Here I mean the moves requiring the highest leg strength to weight ratio, some of them also require flexibility, balance or very conditioned tendons but strength is the main factor. My previous list is very outdated, with this new post I can get new feedback and if you have seen moves that are harder than the ones below let me know, or which you found easieharder if you tried some.
Many of these moves are more an expression of strength than a good way to build it because they are unstable or complicated to set up (but some are very good, though it's better to do some weighted exercises too if you have the equipment, and resistance bands have some uses too). This is not a training guide (maybe I'll make a new one in the future), I'm only documenting the highest levels I've seen. Any movement can be safe or unsafe depending on the load, whoever tries these moves does so at their own risk with the assumption that they have gradually built up the capacity to handle those loads.
The main ways to make unweighted leg exercises hard are quad or hamstring isolation moves (single leg, straight body for the longest lever or both) or friction resistance.
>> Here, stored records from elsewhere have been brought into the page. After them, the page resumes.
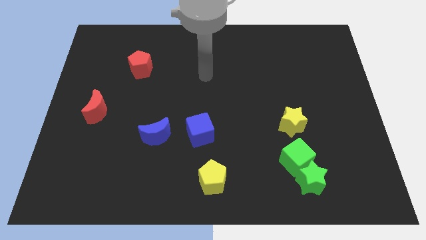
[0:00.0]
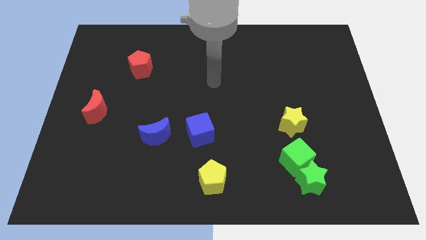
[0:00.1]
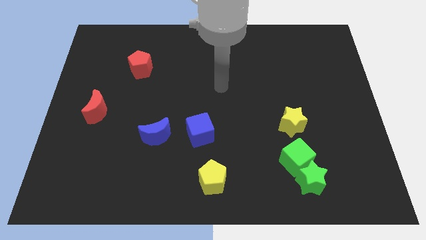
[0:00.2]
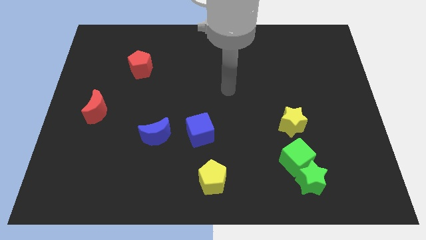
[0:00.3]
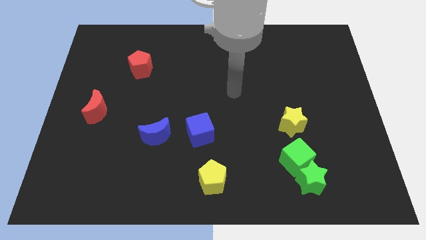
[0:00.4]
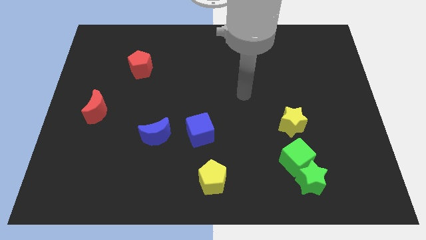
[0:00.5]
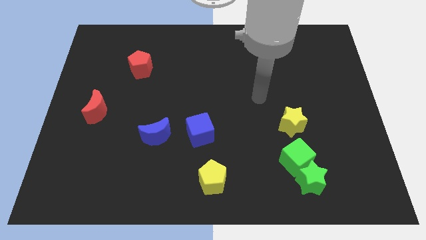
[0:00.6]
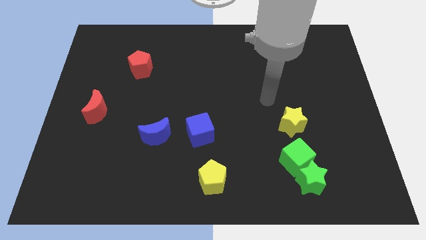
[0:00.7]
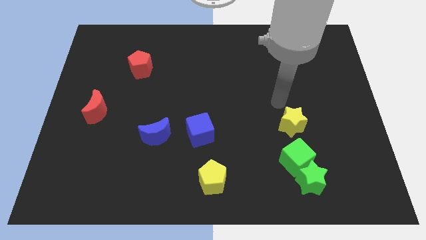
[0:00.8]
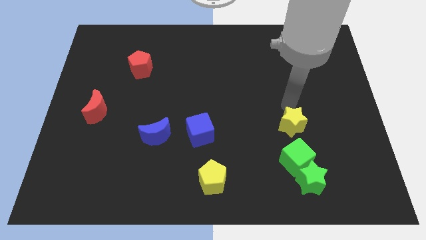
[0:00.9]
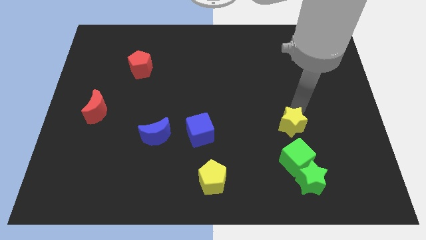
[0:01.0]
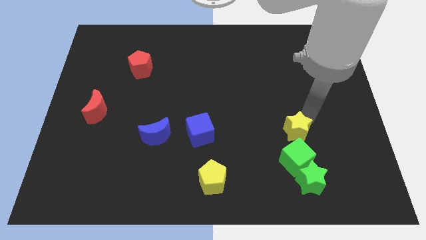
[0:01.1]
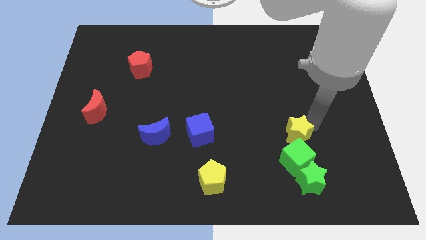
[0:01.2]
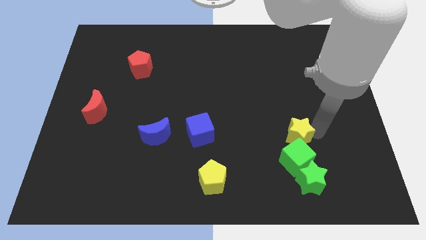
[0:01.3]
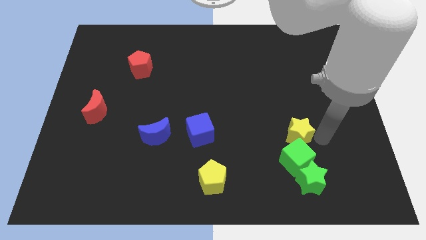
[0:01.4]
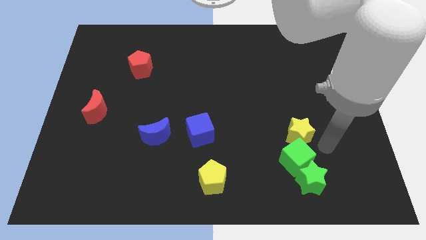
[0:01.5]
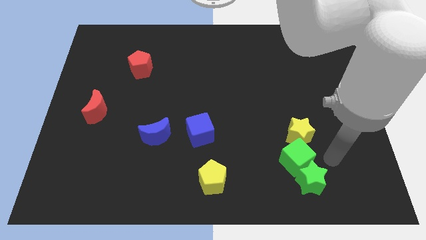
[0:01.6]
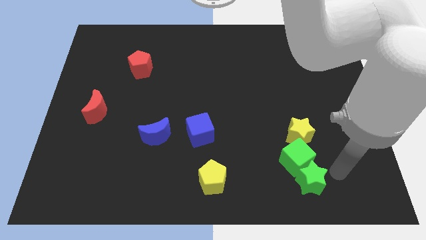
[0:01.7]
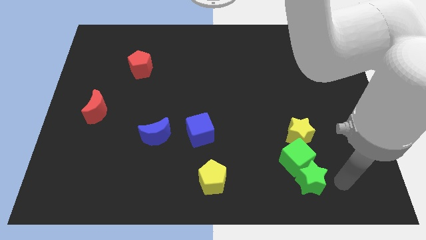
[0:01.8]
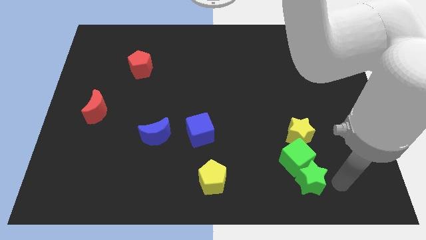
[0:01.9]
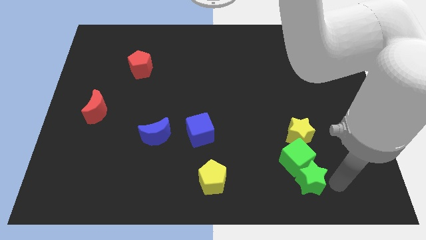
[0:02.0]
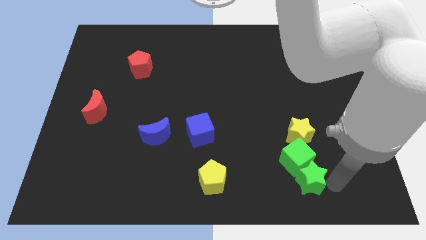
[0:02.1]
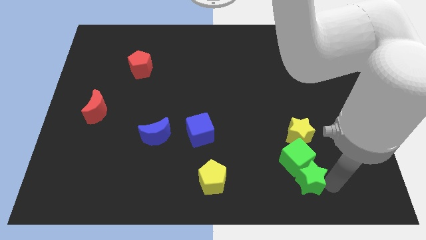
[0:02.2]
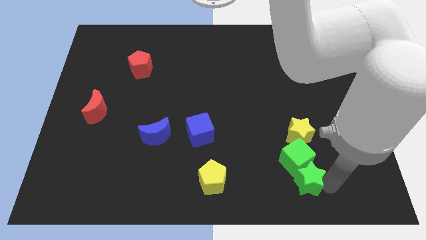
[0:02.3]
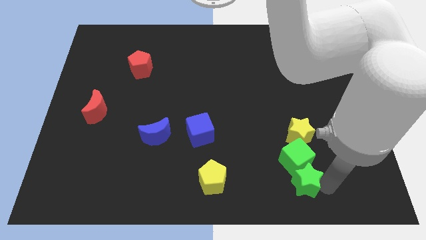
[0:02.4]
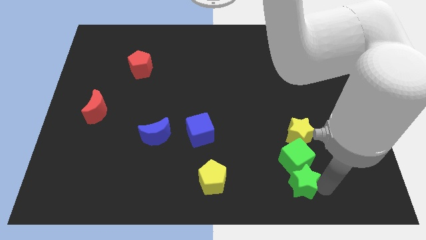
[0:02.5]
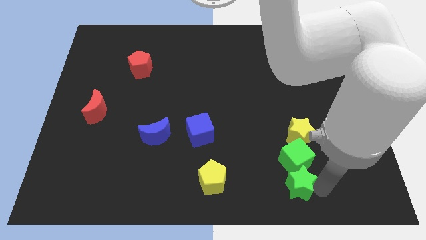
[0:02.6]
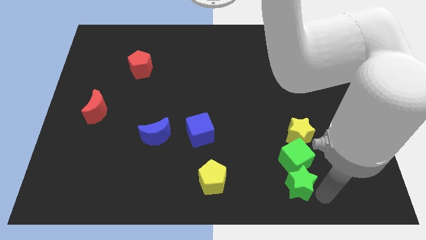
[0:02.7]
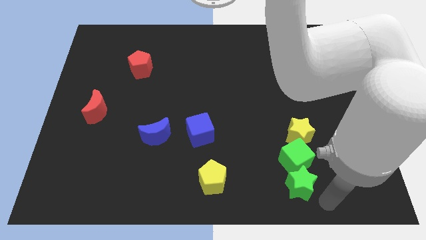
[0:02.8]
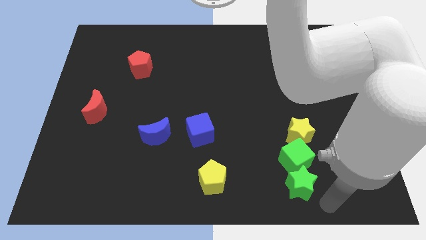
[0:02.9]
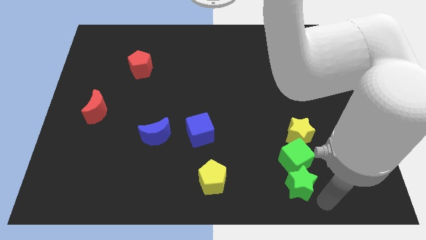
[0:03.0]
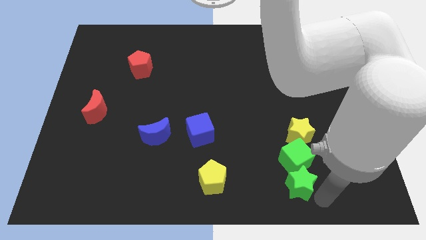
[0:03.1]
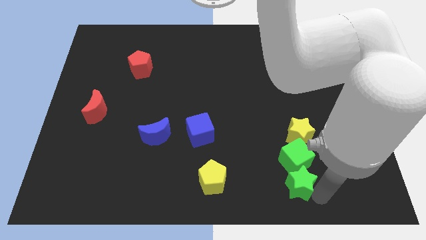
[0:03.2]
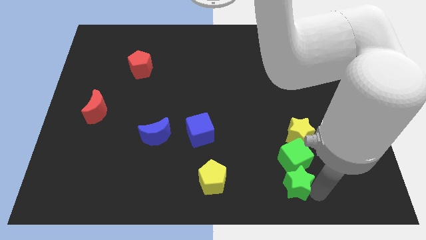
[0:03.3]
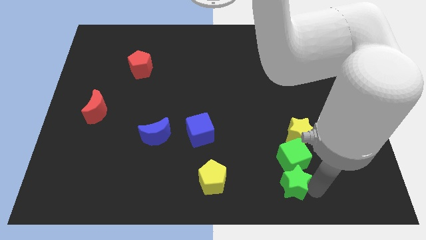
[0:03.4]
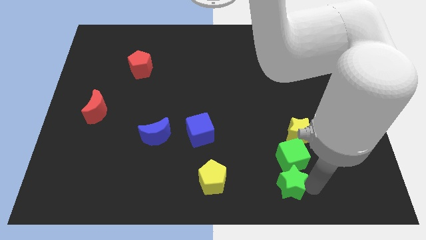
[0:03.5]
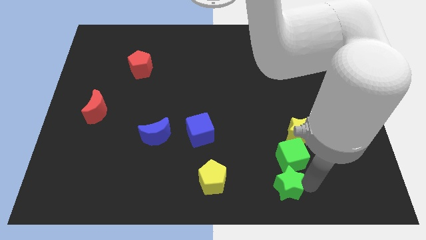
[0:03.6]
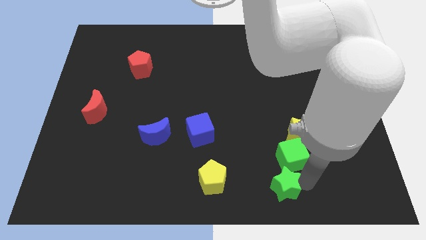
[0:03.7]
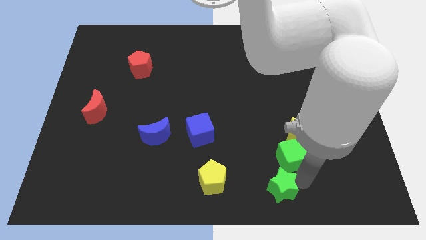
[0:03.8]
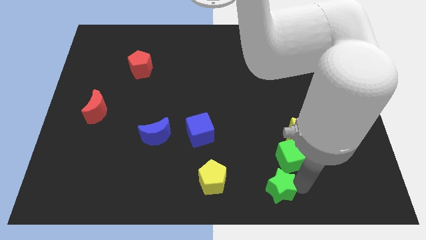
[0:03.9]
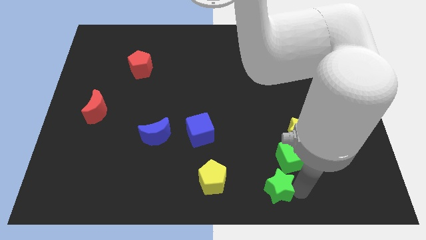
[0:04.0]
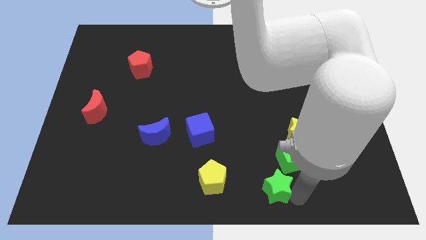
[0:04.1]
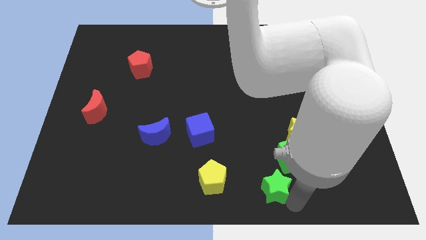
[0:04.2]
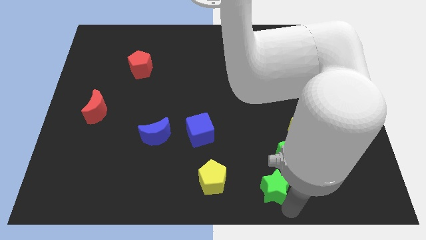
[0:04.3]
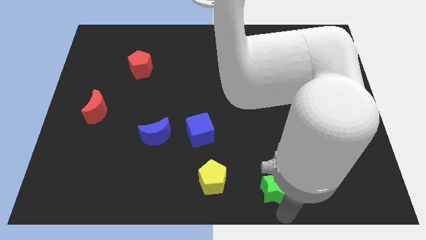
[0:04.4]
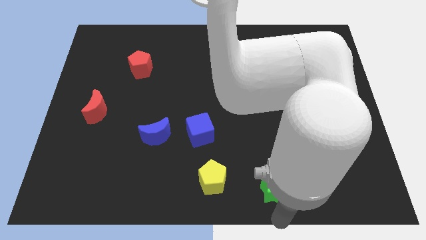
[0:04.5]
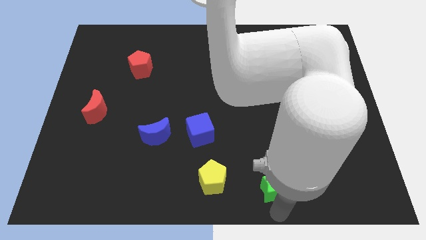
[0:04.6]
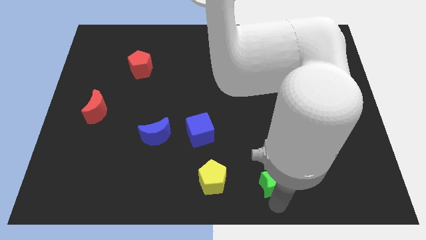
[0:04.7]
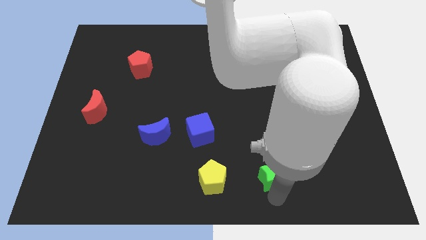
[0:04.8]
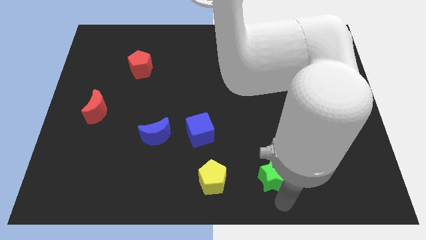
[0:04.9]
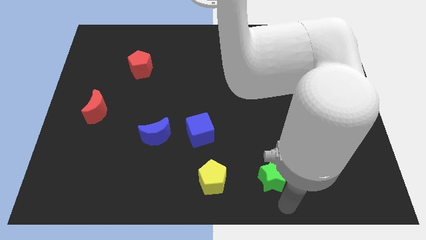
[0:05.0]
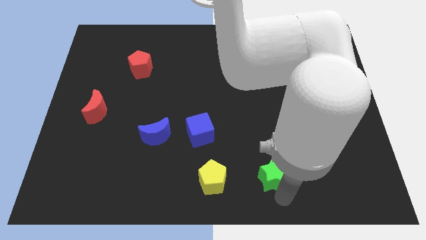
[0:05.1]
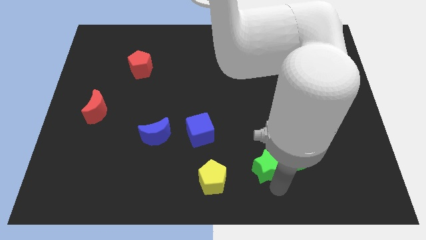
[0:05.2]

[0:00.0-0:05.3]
move the green star somewhat diagonally up and left

If you want to make them suitable for strength or hypertrophy work, hold onto something for balance in case you need to eliminate instability and use the ones with a simple setup and good range of motion.
Several of the links below are from these videos:
I linked to the original videos where available. I've put some of my own moves too, but only where I did something unique or one of the best attempts, compared to the previous list I removed many of my videos because they were surpassed in level by others.
Addition: this video by Jakub Kowalski shows only the practical hard leg exercises that are good for getting stronger without weights.
Elevated advanced shrimp squat (both hands hold the free foot):
Harder if the knee travels forward more because of a more upright body or more hip extension in the rear leg. The free leg can't travel forward as much if the elevation is in front of it instead of by the side, so it provides less counterweight. More ankle flexibility (dorsiflexion) probably makes the exercise slightly easier.
Shrimp quad blaster:
Knee further from center mass than shrimp squats, and regaining tension to get the knee off the floor is tough.
One leg quad lever:
Also known as one leg extension lever, I just think quad lever is a simpler way of describing the top position.
Elevated Matrix squat:
Arching the body shortens the lever a bit, either way the part below horizontal is surprisingly hard.
Natural one leg extension:
Balance can be tricky compared to one leg sissy and Matrix squats but less strength is needed.
One leg Matrix squat partials:
It's harder if the support is at the top of the calf or lower, but more comfortable with the support at the knee pit. If the shin has a more open angle with the foot, the horizontal body position is easier because the knee is less flexed.
One leg sissy squat attempts/partials:
With enough toe and ankle flexibility full knee flexion can be reached without the knee touching the floor, in a "float hold" (image example).
In normal Nordic curls the hardest part is at the bottom, and having the upper body or part of the thigh unsupported makes that part harder if the knee reaches lockout, and it's more stressful on the tendons if the edge of the support is closer to the knees than the hips.
When adding decline the hardest part of the movement shifts towards the top of the range.
Unsupported kneecaps Nordic curl:
  • My first try. With locked out knees it's like straight arm strength in the planche/iron cross, the bottom of the movement is harder than with the thighs supported but more dangerous for the hamstring tendons, not recommended for training.
Decline Nordic curl:
Inverted one leg squat:
In all the inverted hang movements the range above 90° knee is drastically harder, the hamstrings are weaker in that part of the resistance curve.
Inverted Nordic curl:
Note: the shin is forced to stay vertical, which makes the lever longer than in a free hanging equivalent, which I'd call inverted sissy squat instead, example of partial range, full range with inversion boots is risky because the rotating shin could make the hook slip off the bar, better use straps to try that one.
One leg Nordic curl:
With the free leg's knee not lifted, the balance is the same as with two legs and the same body line could be achieved by someone strong enough. Matteo Spinazzola does them with that knee lifted making them much harder to balance and forcing some side bend to keep the center mass in the vertical plane of the anchored foot.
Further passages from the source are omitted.